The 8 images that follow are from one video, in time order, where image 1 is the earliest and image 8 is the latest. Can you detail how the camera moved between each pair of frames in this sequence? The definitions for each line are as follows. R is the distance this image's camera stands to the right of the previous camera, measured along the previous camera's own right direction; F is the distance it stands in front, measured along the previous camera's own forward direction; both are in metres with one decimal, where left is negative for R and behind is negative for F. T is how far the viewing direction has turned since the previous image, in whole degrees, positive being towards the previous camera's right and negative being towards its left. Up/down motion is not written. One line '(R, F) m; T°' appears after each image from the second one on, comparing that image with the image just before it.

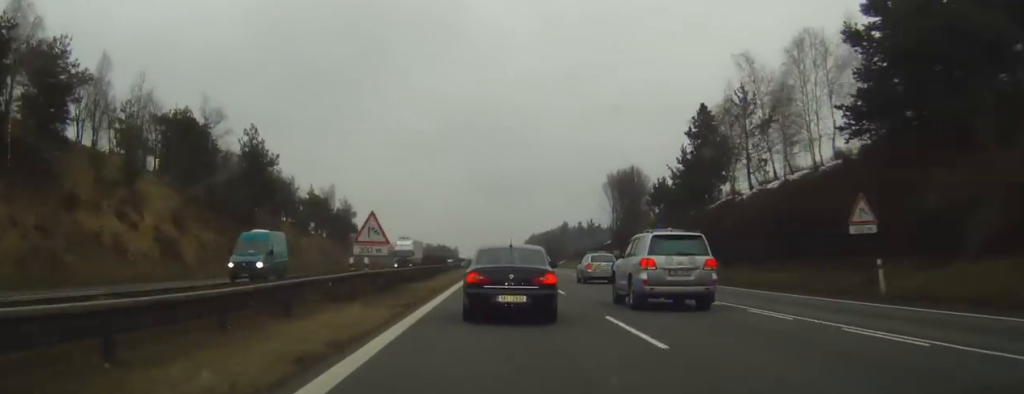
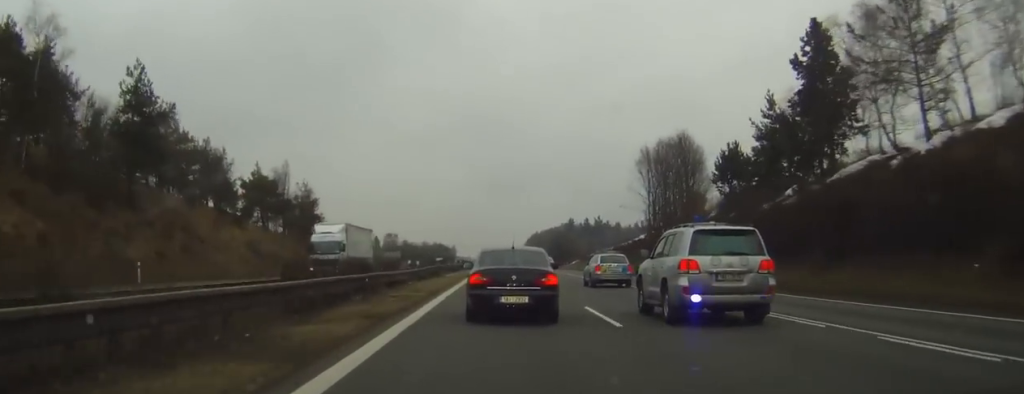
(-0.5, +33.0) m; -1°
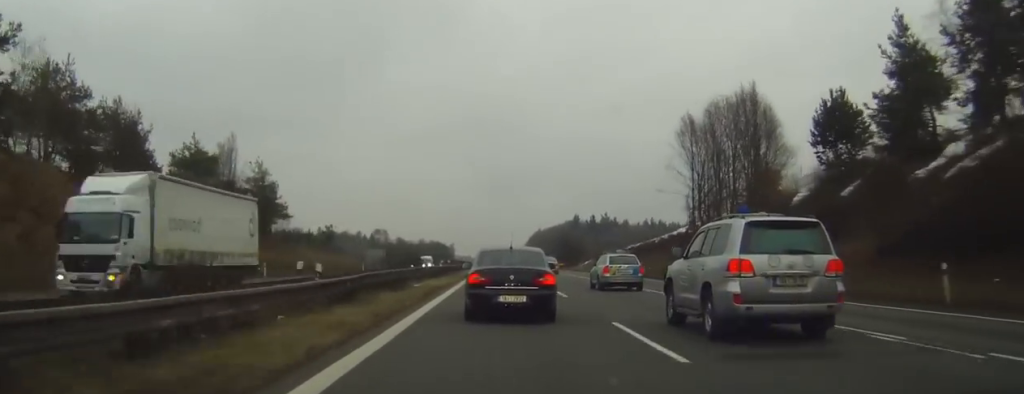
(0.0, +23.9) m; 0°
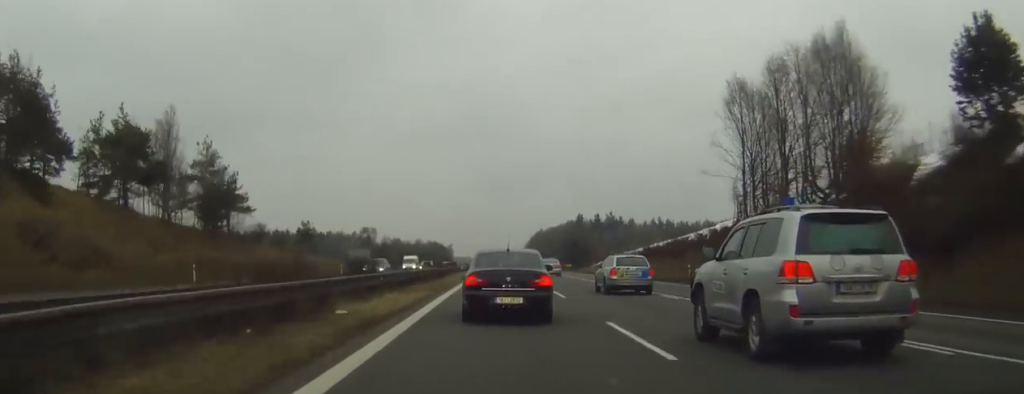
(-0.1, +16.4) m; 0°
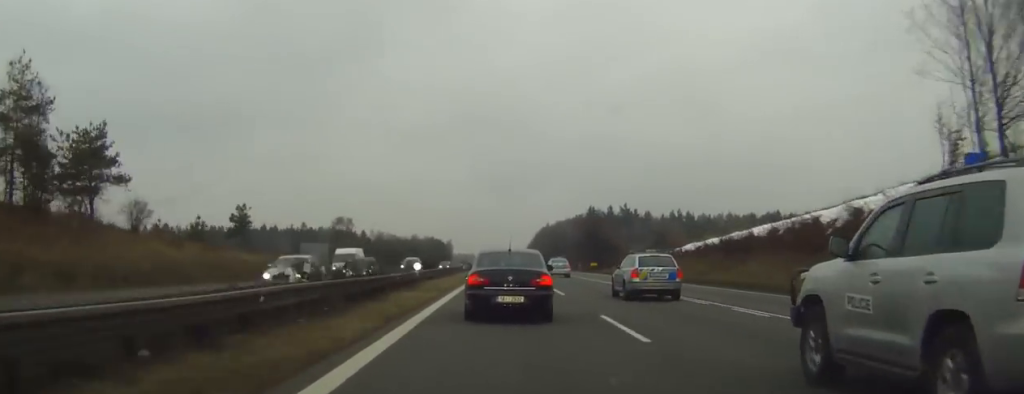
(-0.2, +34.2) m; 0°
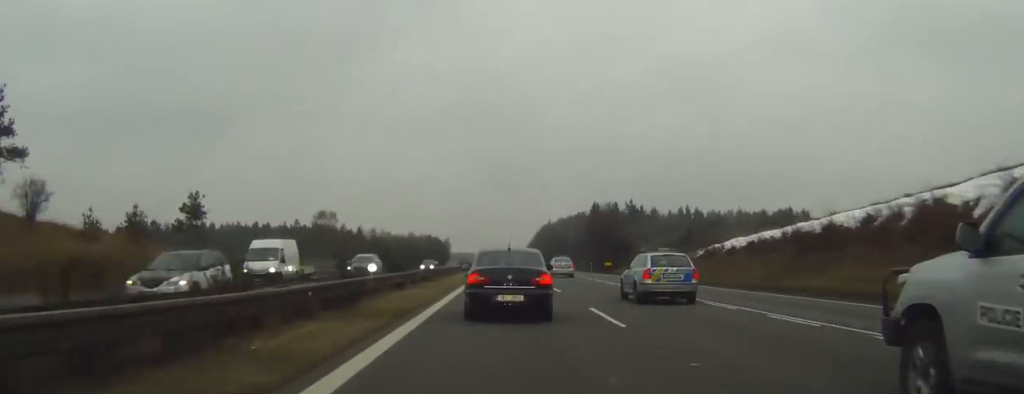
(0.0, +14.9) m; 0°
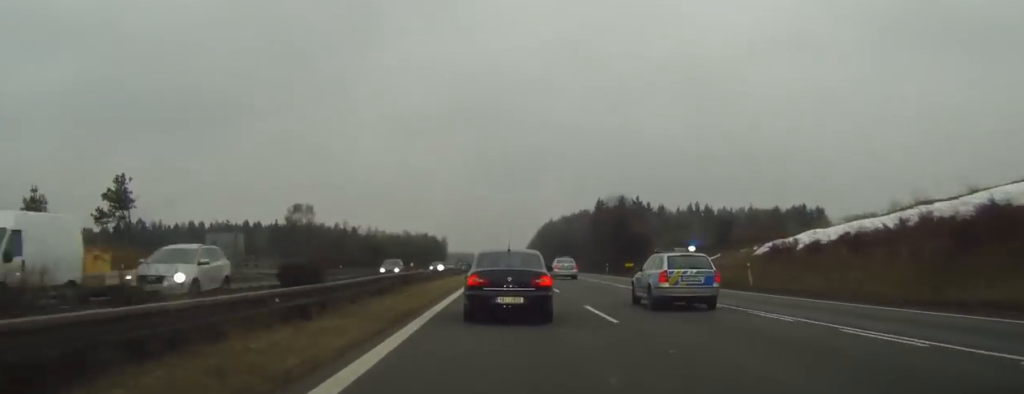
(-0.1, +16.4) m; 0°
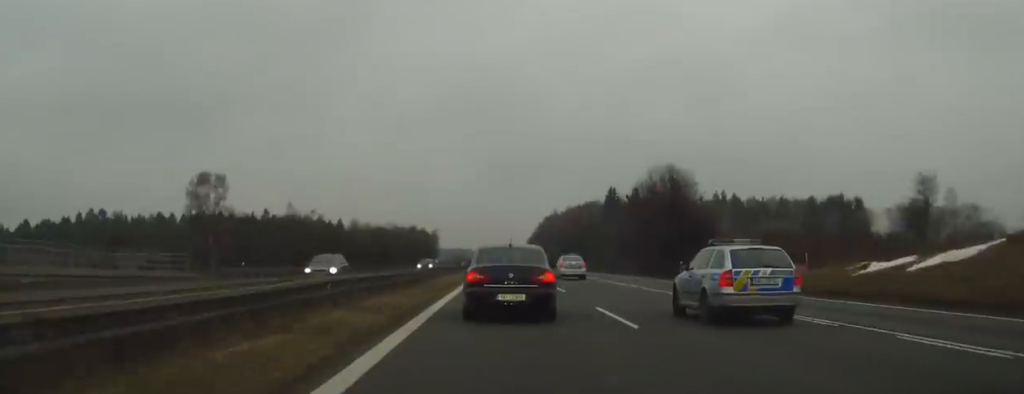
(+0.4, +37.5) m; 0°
...
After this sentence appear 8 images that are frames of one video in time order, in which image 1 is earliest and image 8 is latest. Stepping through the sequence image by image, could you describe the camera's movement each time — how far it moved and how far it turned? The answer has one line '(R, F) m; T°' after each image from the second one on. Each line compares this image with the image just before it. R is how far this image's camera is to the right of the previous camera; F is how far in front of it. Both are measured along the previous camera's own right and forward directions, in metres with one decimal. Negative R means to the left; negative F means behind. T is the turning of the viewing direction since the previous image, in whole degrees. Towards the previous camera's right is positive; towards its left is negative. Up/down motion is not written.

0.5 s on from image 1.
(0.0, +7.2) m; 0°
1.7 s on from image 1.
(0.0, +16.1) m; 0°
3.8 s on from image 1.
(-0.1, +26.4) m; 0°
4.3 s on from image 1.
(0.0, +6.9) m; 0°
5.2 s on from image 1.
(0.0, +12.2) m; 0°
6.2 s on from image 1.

How to complete this task.
Beginning with the line above that contains "4.3 s on from image 1.", copy each line exactly up to and including the line that contains "6.2 s on from image 1.", and go no further.

Exercise output.
4.3 s on from image 1.
(0.0, +6.9) m; 0°
5.2 s on from image 1.
(0.0, +12.2) m; 0°
6.2 s on from image 1.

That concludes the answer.